2005 Fred T. Foard, Jr. Memorial Lecture:

by

Dr. David L. Heymann
Representative of the Director General for Polio Eradication

World Health Organization

April 20th, 2005

About The Speaker:

Dr. David L. Heymann

Executive Director, Communicable Diseases

The Director-General of the World Health Organization, Dr. Gro Harlem Brundtland, appointed Dr. David L. Heymann, Executive Director, Communicable Diseases, effective 21 July 1998. In this post, Dr. Heymann will be responsible for the elimination of leprosy; the control of tropical diseases; emerging and other communicable diseases surveillance and control; tuberculosis; the prevention of blindness and deafness; and research and training in tropical diseases.

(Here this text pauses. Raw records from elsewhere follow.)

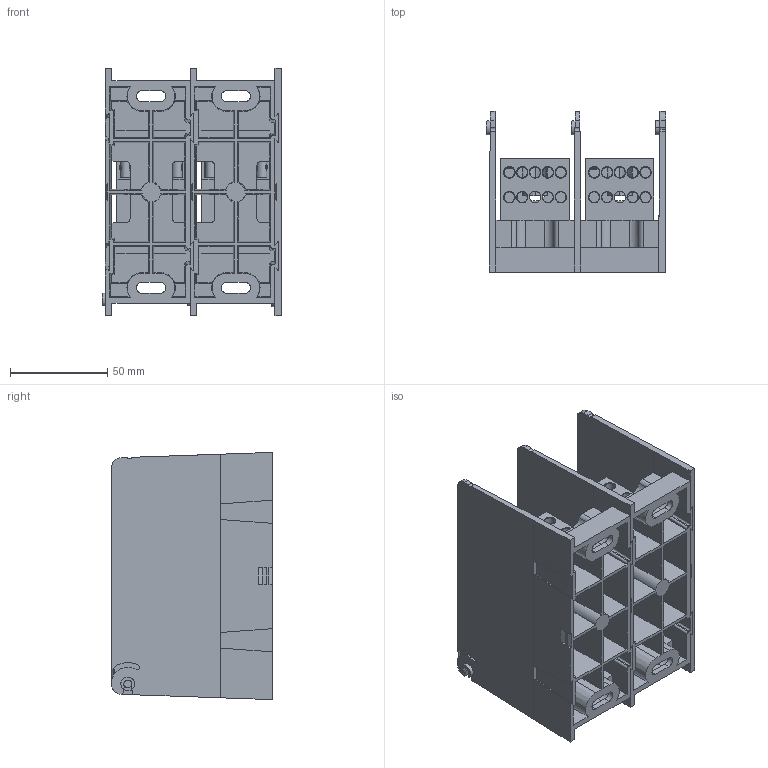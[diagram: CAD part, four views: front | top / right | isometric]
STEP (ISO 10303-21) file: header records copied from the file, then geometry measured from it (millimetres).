
FILE_DESCRIPTION (( 'STEP AP214' ), '1' );
FILE_NAME ('701931rev-2P.STEP', '2015-06-24T15:20:53', ( '' ), ( '' ), 'SwSTEP 2.0', 'SolidWorks 2014', '' );
FILE_SCHEMA (( 'AUTOMOTIVE_DESIGN' ));
Length unit declared in the file: inch
Products named in the file (1): 701931rev-2P
Bounding box: 92.16 x 82.55 x 127.01 mm (x, y, z)
Surface area: 125908.4 mm2 (no closed solid volume)
Topology: 0 solids, 25 shells, 550 faces, 1985 edges, 1404 vertices
Faces by surface type: plane 291, cylinder 175, cone 84
Entity records: 33525 total; most frequent: CARTESIAN_POINT 10468, ORIENTED_EDGE 3224, DIRECTION 2946, EDGE_CURVE 1985, VERTEX_POINT 1404, LINE 1226, VECTOR 1226, AXIS2_PLACEMENT_3D 860

Dr. Heymann has solid experience from many years of work in many parts of the world and in creating new mechanisms to help the international community address the threats from new and emerging diseases.

Dr. David L. Heymann was born in Pennsylvania, USA, in 1946.

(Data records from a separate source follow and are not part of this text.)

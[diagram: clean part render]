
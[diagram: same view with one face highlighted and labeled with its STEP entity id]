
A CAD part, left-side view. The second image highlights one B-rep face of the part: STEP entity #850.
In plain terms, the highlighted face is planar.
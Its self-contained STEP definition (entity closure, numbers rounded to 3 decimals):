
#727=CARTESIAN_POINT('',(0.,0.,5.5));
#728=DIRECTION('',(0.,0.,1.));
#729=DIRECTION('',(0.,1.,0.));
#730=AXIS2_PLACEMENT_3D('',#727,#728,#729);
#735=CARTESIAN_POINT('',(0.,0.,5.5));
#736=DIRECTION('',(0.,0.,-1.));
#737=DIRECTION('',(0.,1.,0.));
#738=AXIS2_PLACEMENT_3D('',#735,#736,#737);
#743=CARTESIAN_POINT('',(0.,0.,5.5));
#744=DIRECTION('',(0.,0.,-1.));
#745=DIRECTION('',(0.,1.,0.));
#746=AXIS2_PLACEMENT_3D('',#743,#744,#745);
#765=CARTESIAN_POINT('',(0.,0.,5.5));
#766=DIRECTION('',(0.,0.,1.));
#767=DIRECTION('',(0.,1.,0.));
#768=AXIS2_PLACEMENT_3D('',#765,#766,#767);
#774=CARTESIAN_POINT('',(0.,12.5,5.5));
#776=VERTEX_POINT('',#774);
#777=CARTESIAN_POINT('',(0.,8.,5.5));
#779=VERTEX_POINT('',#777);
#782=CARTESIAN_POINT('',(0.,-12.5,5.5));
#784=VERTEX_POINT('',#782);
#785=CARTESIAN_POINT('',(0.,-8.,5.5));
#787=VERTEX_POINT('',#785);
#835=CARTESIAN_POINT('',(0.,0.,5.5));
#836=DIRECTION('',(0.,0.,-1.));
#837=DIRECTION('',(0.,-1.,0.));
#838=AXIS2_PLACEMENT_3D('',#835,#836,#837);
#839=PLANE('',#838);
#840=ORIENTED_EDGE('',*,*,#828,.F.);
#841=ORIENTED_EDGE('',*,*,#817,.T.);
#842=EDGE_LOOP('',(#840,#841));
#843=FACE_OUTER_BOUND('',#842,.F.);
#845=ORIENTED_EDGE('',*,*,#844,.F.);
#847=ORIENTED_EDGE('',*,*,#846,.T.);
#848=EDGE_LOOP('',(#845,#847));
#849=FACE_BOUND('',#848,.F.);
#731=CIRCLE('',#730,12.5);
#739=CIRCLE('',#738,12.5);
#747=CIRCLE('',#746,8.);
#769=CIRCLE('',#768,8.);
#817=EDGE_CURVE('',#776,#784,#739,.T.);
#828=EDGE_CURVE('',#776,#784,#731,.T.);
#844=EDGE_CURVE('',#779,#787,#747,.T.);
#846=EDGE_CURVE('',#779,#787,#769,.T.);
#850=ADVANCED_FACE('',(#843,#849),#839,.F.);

Dr. Heymann holds a Bachelor of Arts from the Pennsylvania State University, an M.D. from Wake Forest University School of Medicine, and a Diploma in Tropical Medicine and Hygiene from the London School of Hygiene and Tropical Medicine. He has also completed practical epidemiology training in the two year Epidemic Intelligence Service (EIS) training programme of the US Centers for Disease Control and Prevention (Atlanta). At the time of his appointment, Dr. Heymann was the Director of the World Health Organization (WHO) Programme on Emerging and other Communicable Diseases. Prior to becoming Director of this programme he was the chief of research activities in the Global Programme on AIDS. From 1976 to 1989 prior to joining WHO, Dr. Heymann spent thirteen years working as a medical epidemiologist in sub-Saharan Africa (Cameroon, Cote d’Ivoire, the former Zaire and Malawi) on assignment from the US Centers for Disease Control and Prevention (CDC). There, he worked in CDC-supported activities aimed at strengthening capacity in surveillance of infectious diseases and their control, with special emphasis on the childhood immunizable diseases, African haemorrhagic fevers, pox viruses and malaria. While based in Africa Dr. Heymann participated in the investigation of the first outbreak of Ebola in Yambuku (former Zaire) in 1976, then again investigated the second outbreak of Ebola in 1977 in Tandala, and in 1995 directed the international response to the Ebola outbreak in Kikwit. Prior to 1976, Dr. Heymann spent two years in India as a medical officer in the WHO Smallpox Eradication Programme.

Dr. David Heymann is married and has three children.